Well, with some seriously worried (& worrying) people as it happens. The kind who curl up in a foetal position at the mere sight of a hijab. Yes, Clarke was most assuredly among friends at that 'National Conference for All Concerned Christians' in November 2009, according to my impeccable source, Islamophobic website islammonitor.org.

The theme of the conference, which "represented an alliance of Assyrian and Australian Christians," was "Australia's Future & Global Jihad," and its attendees are described as "wanting a halt to Muslim immigration into Australia in order to stop its Islamification." (An emerging Australian-Assyrian Christian alliance?, Gaspar, 28/11/09)

Clarke was lovingly introduced to the assembled concerned Christians by fellow MLC, and Christian Democrat crusader, the Reverend Fred Nile, as "a fearless and uncompromising leader on moral and Muslim issues."

So why exactly have Muslims become an 'issue' for Clarke? Well, 'Gaspar' reports him as telling his audience that "Christianity is under threat from MUSLIM EXTREMISTS [Islam Monitor's capitalisation] (who he sharply distinguished from peaceful Muslims)." Oh dear! The turbanned, scimitar-waving, moustache-twirling hordes are probably advancing on St Mary's Cathedral as we speak! Hijabs in the rear, of course.

The other speakers made up a stellar cast, including Jenny Stokes of Saltshakers, who discussed "Islam and the way it cynically exploits the interfaith movement"; Keith Piper of the Liberty Independent Baptist Church, who spoke about 'Leading Muslims to Christ', which, he claimed he had done - in shopping centres, no less - by "showing them they are victims of lies"; and the incomparable Danny Nalliah of Catch the Fire Ministries, who, among other things, talked about "how President Bush opened up the whole Middle East for Bibles to be brought in."

This lot'd do old Lyenko proud. Still, every cloud has a silver lining as they say, and this conference was no exception. It came in the form of Emmanuel Michael, chairman of the Assyrian Federation of Australia who must have stirred up no end of cognitive dissonance among the anxious Anglos when he expanded thus on the subject of life in Iraq under Saddam Hussein:

"Saddam was a dictator. But he did something for us [Assyrian] Christians. I want you to know this. He was a dictator for people who were against him. Saddam built churches for us. [The] Australian government doesn't do that. Saddam built a church for our community. I want to mention this because he was a dictator. But he did a few things good. One of them was that. And the other was [when] he went to my village, called Sharafiya, north of Mosul. He was surprised. He said to the priest who was greeting him... 'Why are your houses built of mud-brick?' They said, 'Because this land is not ours, it belongs to the Catholic Church' and we have to pay rent'. He said, 'Alright'. He went immediately to the head of the [Catholic] Church and said, 'I'm buying this village'. Saddam bought the village and came back less than 2 hours later and said, 'The village is now yours. It's your property. You can build on it'. And he gave $15,000 to each family. At that time the dinar was worth $3. Now it is worth nothing. You see, he did things to help us, to protect us."

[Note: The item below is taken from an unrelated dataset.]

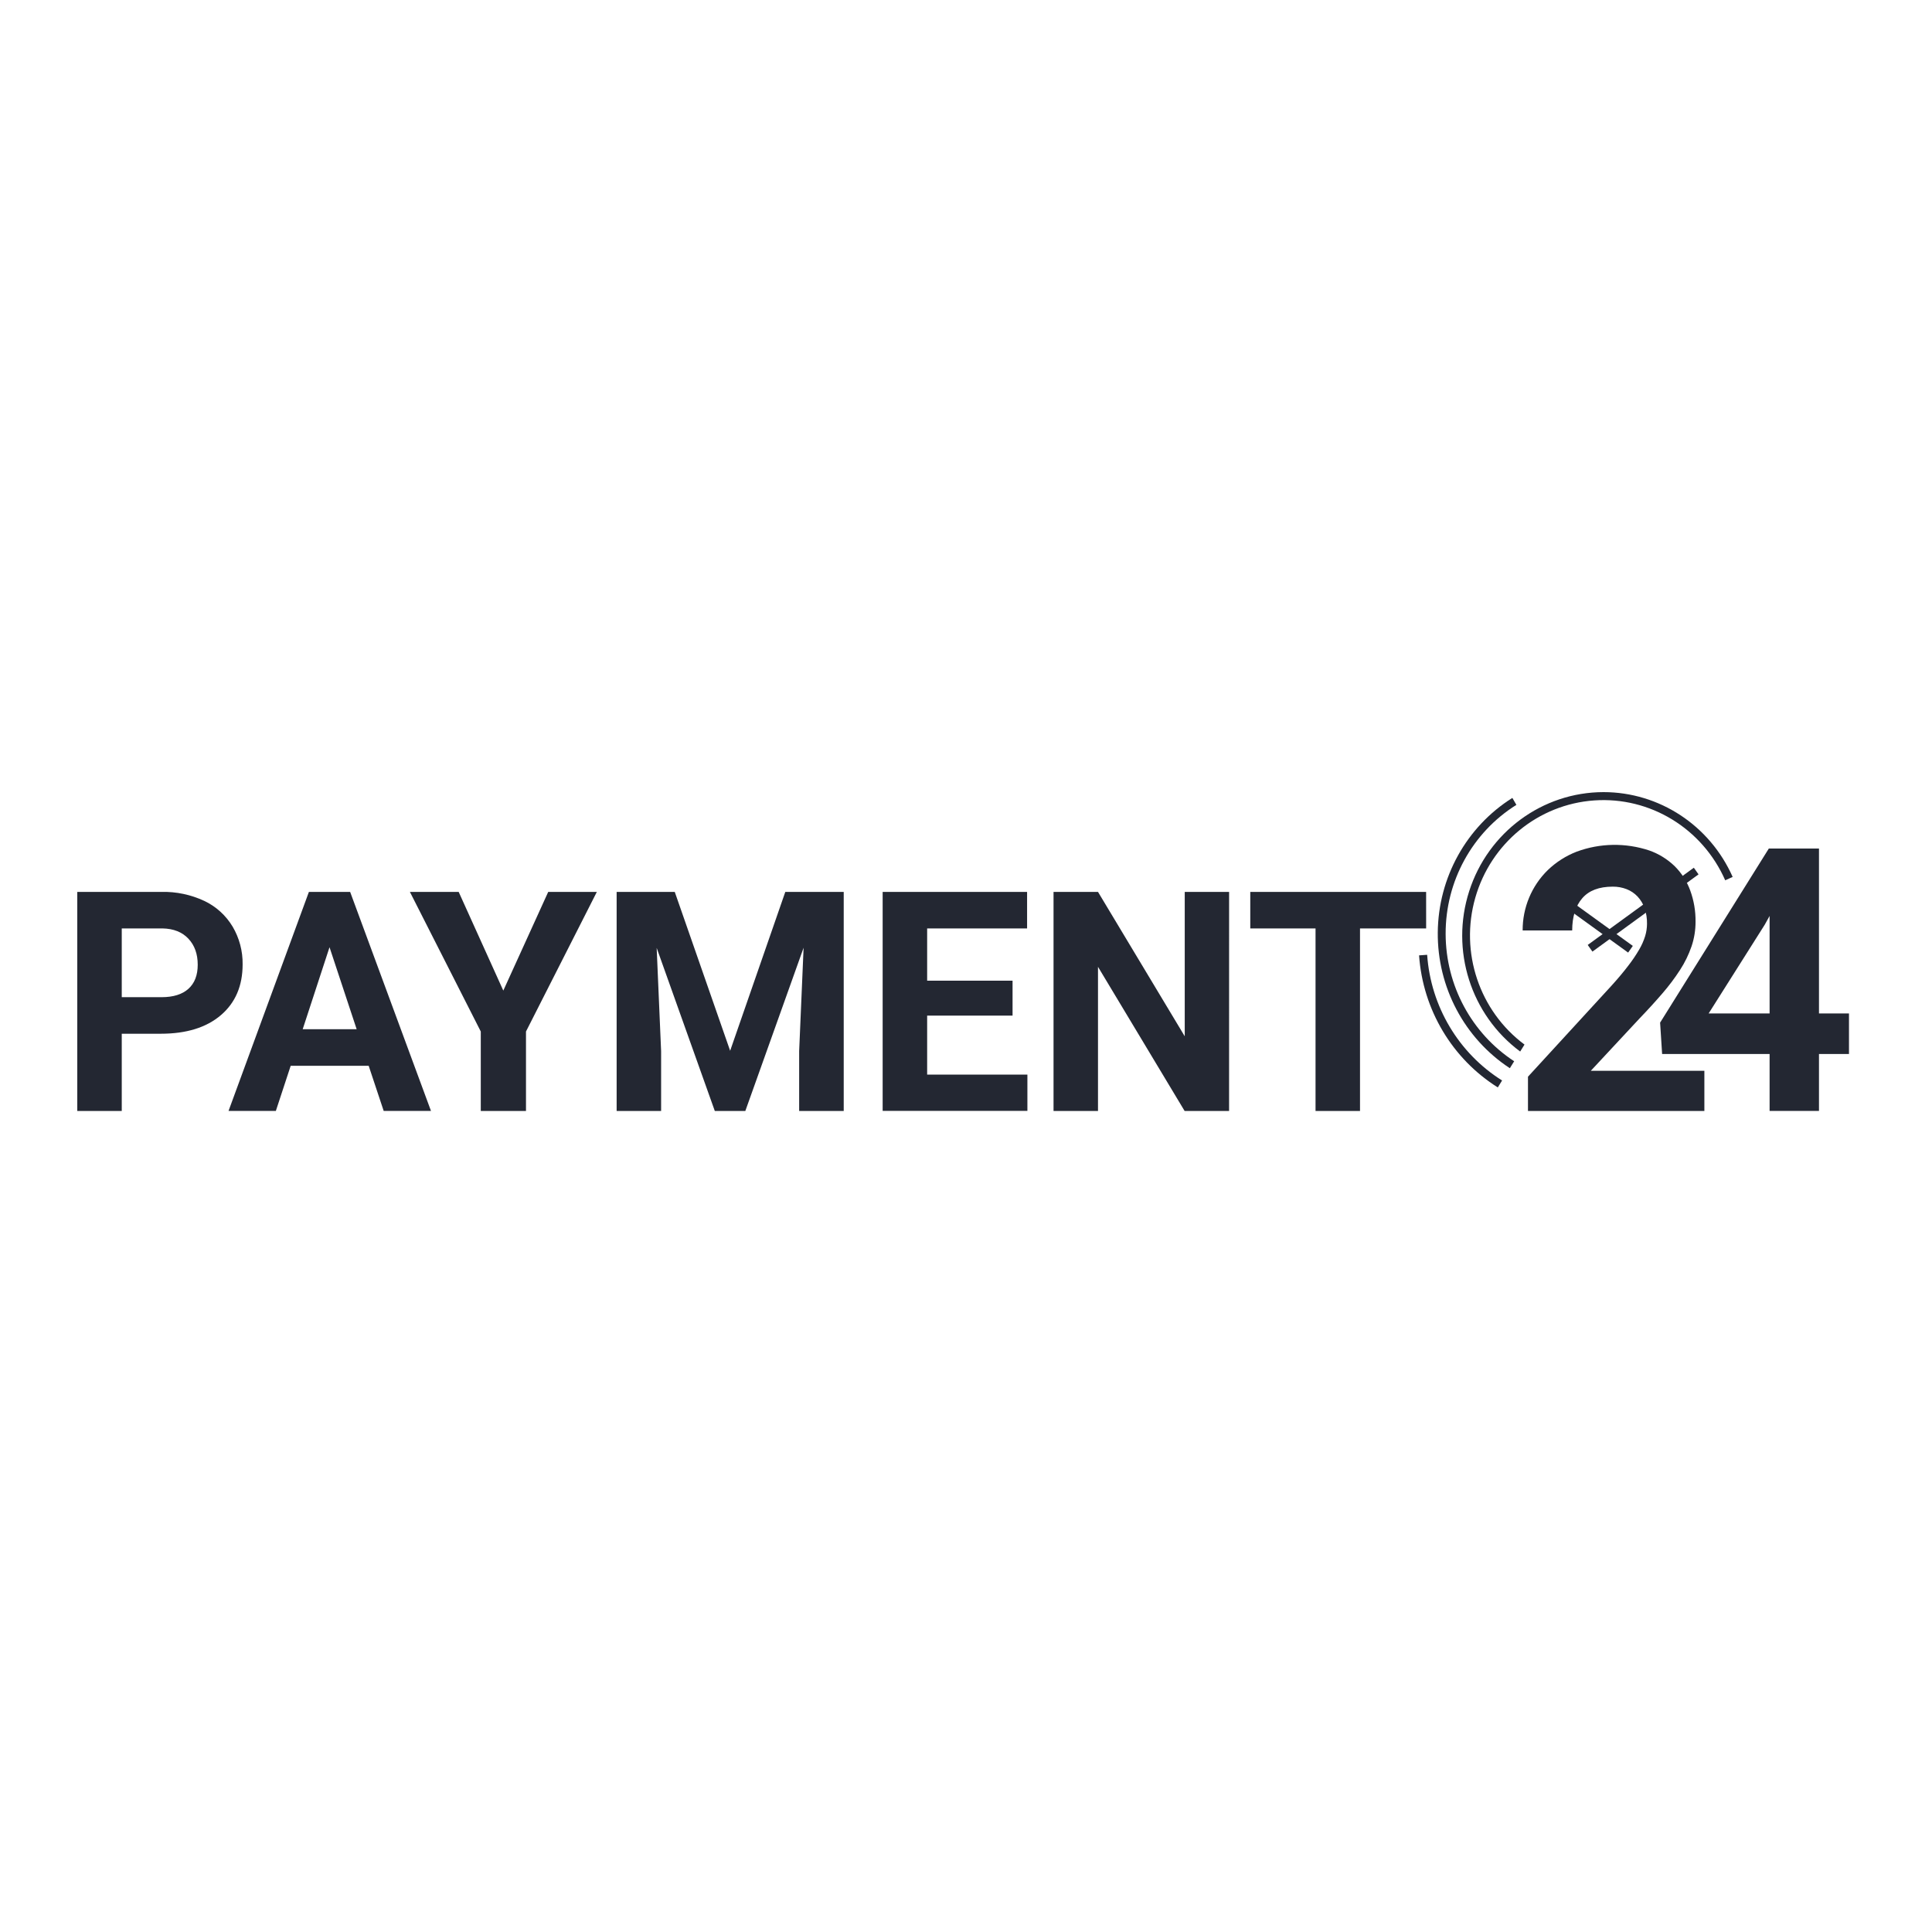 <svg xmlns="http://www.w3.org/2000/svg" width="100" height="100" viewBox="0 0 100 100" fill="none"><g clip-path="url(#clip0_748_3119)"><path fill-rule="evenodd" clip-rule="evenodd" d="M88.218 57.503H79.088V55.73L83.419 51.01C83.758 50.635 84.043 50.295 84.273 49.992C84.48 49.727 84.669 49.448 84.839 49.157C84.971 48.935 85.076 48.699 85.153 48.452C85.216 48.246 85.248 48.031 85.249 47.815C85.254 47.539 85.211 47.264 85.121 47.003C85.043 46.779 84.919 46.574 84.758 46.402C84.6 46.236 84.409 46.107 84.197 46.024C83.967 45.934 83.722 45.89 83.475 45.893C82.77 45.893 82.245 46.092 81.899 46.491C81.553 46.889 81.378 47.446 81.376 48.16H78.812C78.806 46.982 79.277 45.853 80.114 45.035C80.546 44.62 81.056 44.295 81.613 44.08C82.822 43.635 84.142 43.614 85.365 44.02C85.855 44.192 86.304 44.469 86.68 44.832C87.036 45.185 87.311 45.615 87.485 46.089C87.674 46.606 87.768 47.155 87.761 47.707C87.763 48.143 87.692 48.577 87.552 48.989C87.405 49.415 87.207 49.821 86.962 50.198C86.686 50.626 86.38 51.032 86.047 51.416C85.691 51.83 85.296 52.264 84.86 52.717L82.341 55.423H88.218V57.503Z" fill="#232732"></path><path d="M94.15 52.456H95.703V54.554H94.15V57.502H91.594V54.554H86.031L85.927 52.931L91.554 43.92H94.15V52.456ZM88.439 52.456H91.594V47.409L91.346 47.857L88.439 52.456Z" fill="#232732"></path><path fill-rule="evenodd" clip-rule="evenodd" d="M80.087 46.281L80.33 45.936L84.514 48.96L84.272 49.306L80.087 46.281Z" fill="#232732"></path><path fill-rule="evenodd" clip-rule="evenodd" d="M82.18 48.91L87.672 44.913L87.916 45.257L82.424 49.255L82.18 48.91Z" fill="#232732"></path><path d="M82.999 41C79.832 41.003 77.026 43.072 76.045 46.127C75.063 49.181 76.127 52.53 78.684 54.427L78.908 54.067C76.571 52.328 75.553 49.293 76.36 46.469C77.166 43.645 79.625 41.632 82.517 41.43C85.408 41.227 88.116 42.879 89.297 45.564L89.682 45.389C88.499 42.72 85.884 41.002 82.999 41ZM73.869 49.42L73.451 49.45C73.648 52.26 75.164 54.802 77.526 56.285L77.748 55.926C75.5 54.515 74.057 52.095 73.869 49.42Z" fill="#232732"></path><path fill-rule="evenodd" clip-rule="evenodd" d="M74.826 48.337C74.818 45.616 76.205 43.087 78.488 41.66L78.279 41.3C75.902 42.795 74.445 45.422 74.419 48.259C74.392 51.096 75.8 53.75 78.149 55.29L78.373 54.931C76.165 53.485 74.831 51.002 74.826 48.337Z" fill="#232732"></path><path d="M6.302 53.508V57.503H4V46.164H8.359C9.123 46.147 9.88 46.307 10.574 46.631C11.181 46.917 11.69 47.379 12.039 47.959C12.388 48.55 12.568 49.227 12.558 49.916C12.558 51.027 12.183 51.903 11.433 52.544C10.683 53.185 9.646 53.506 8.321 53.506L6.302 53.508ZM6.302 51.614H8.359C8.968 51.614 9.433 51.469 9.754 51.179C10.075 50.889 10.235 50.474 10.234 49.933C10.234 49.377 10.073 48.928 9.751 48.586C9.429 48.243 8.983 48.067 8.415 48.055H6.302V51.614ZM19.083 55.166H15.046L14.278 57.501H11.829L15.989 46.164H18.123L22.308 57.502H19.86L19.083 55.166ZM15.667 53.273H18.461L17.056 49.028L15.667 53.273ZM26.051 51.273L28.376 46.164H30.893L27.225 53.391V57.503H24.885V53.391L21.216 46.164H23.741L26.051 51.273ZM34.925 46.164L37.792 54.388L40.647 46.164H43.671V57.503H41.364V54.404L41.594 49.054L38.578 57.503H36.998L33.989 49.062L34.219 54.404V57.503H31.917V46.164H34.925ZM52.41 52.569H47.989V55.622H53.178V57.499H45.686V46.164H53.162V48.056H47.989V50.759H52.41V52.569ZM63.617 57.503H61.315L56.832 50.042V57.503H54.531V46.164H56.832L61.322 53.639V46.164H63.618L63.617 57.503ZM73.817 48.056H70.394V57.503H68.092V48.056H64.714V46.164H73.816L73.817 48.056Z" fill="#232732"></path></g><defs><clipPath id="clip0_748_3119"><rect width="92" height="17" fill="white" transform="translate(4 41)"></rect></clipPath></defs></svg>

Poor old David, Fred, Danny and the rest must have had heart attacks. Even the guy who'd faithfully recorded the conference's goings on for islammonitor.org, calling himself Gaspar, felt compelled to append the following bracketed comment: "Now there's a bandwagon for the mainstream media to jump on: life was better for Iraqi Christians under Saddam Hussein than under America."

But I digress. Yes, whatever the vibes passing between Urbanchich and Clarke in the old days, Clarke's obviously got a bee in his bonnet about them Muslims these days, and that obviously goes some way toward explaining his conversion to Zionism.

But is that all there is to it? Perhaps Aaron's references to Urbanchich's ethnic branch stacking and use of violent extremists provides the key. David Clarke, of all people, must surely know a good old ethnic branch stack when he sees one. And God knows if Israel isn't the mother of all ethnic branch stacks. Think about it.